* [Exercise brief]: Everything from the line with "Which species of ground" to the final line of the entries is to be set down exactly, except the pictures.
___ Data for this exercise ___
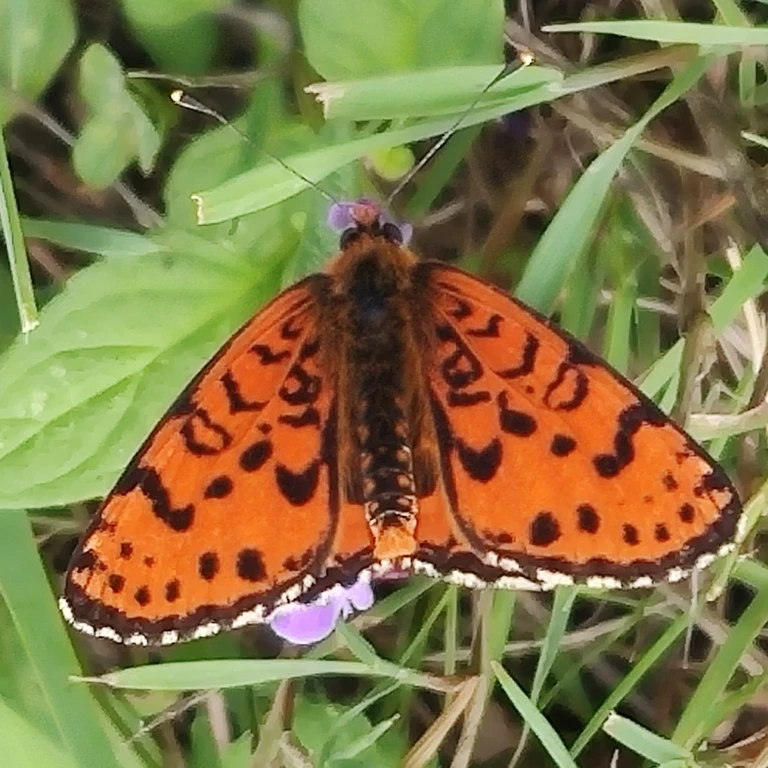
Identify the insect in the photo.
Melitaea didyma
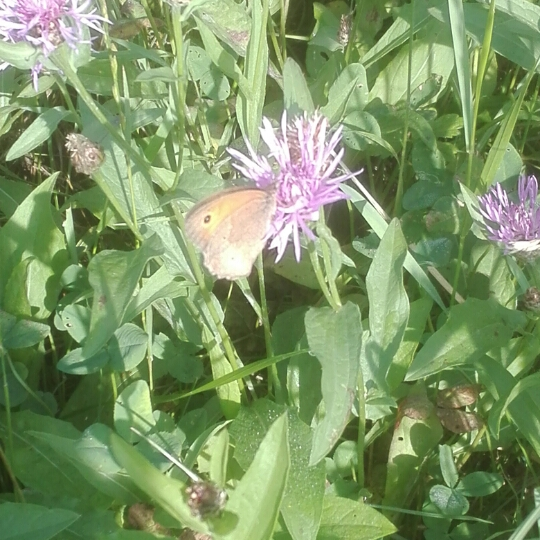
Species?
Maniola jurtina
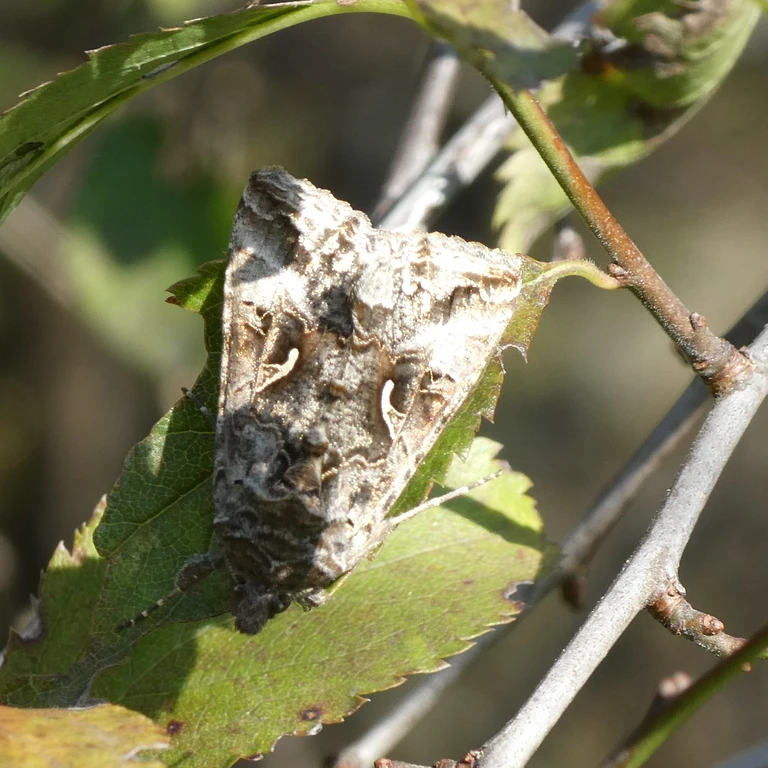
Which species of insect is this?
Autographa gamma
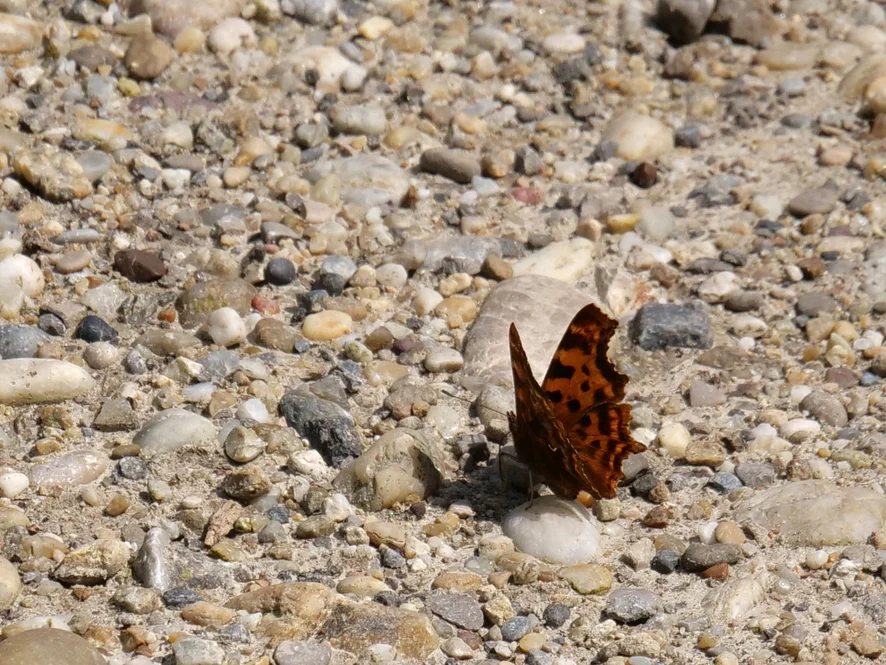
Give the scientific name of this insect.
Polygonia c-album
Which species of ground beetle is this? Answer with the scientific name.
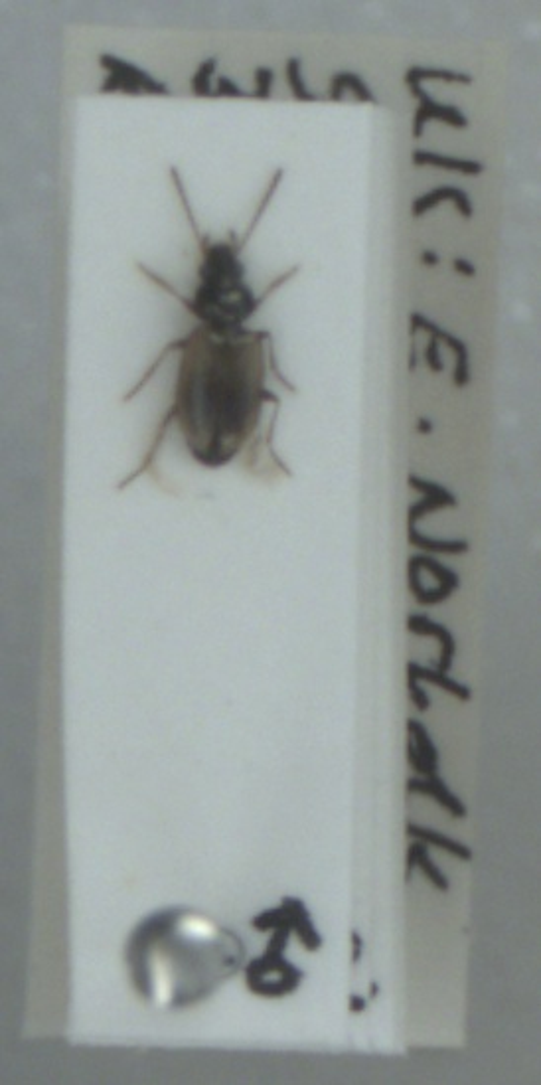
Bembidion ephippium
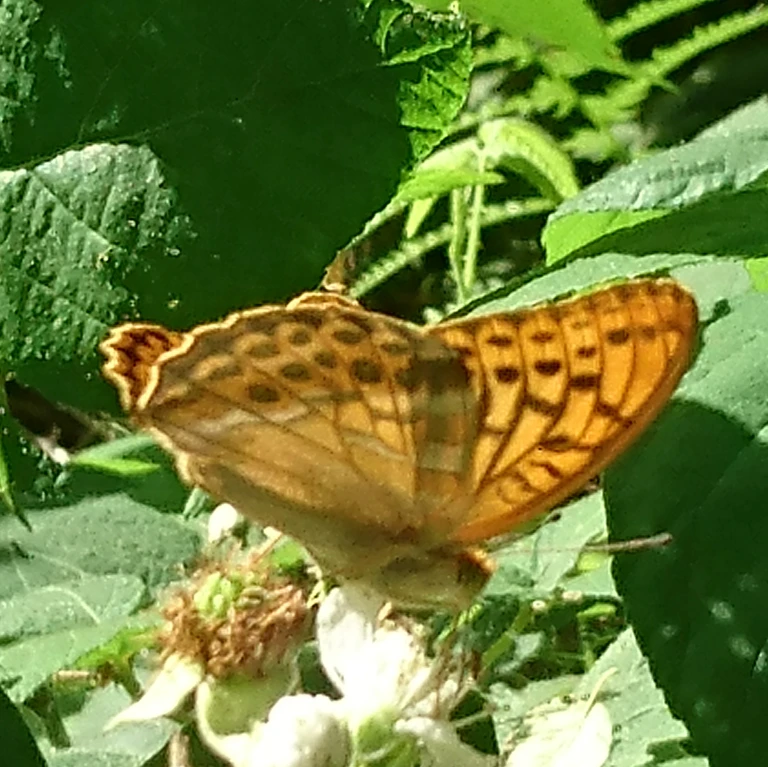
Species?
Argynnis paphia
___
* [Task solution]:
Which species of ground beetle is this? Answer with the scientific name.
Bembidion ephippium
Species?
Argynnis paphia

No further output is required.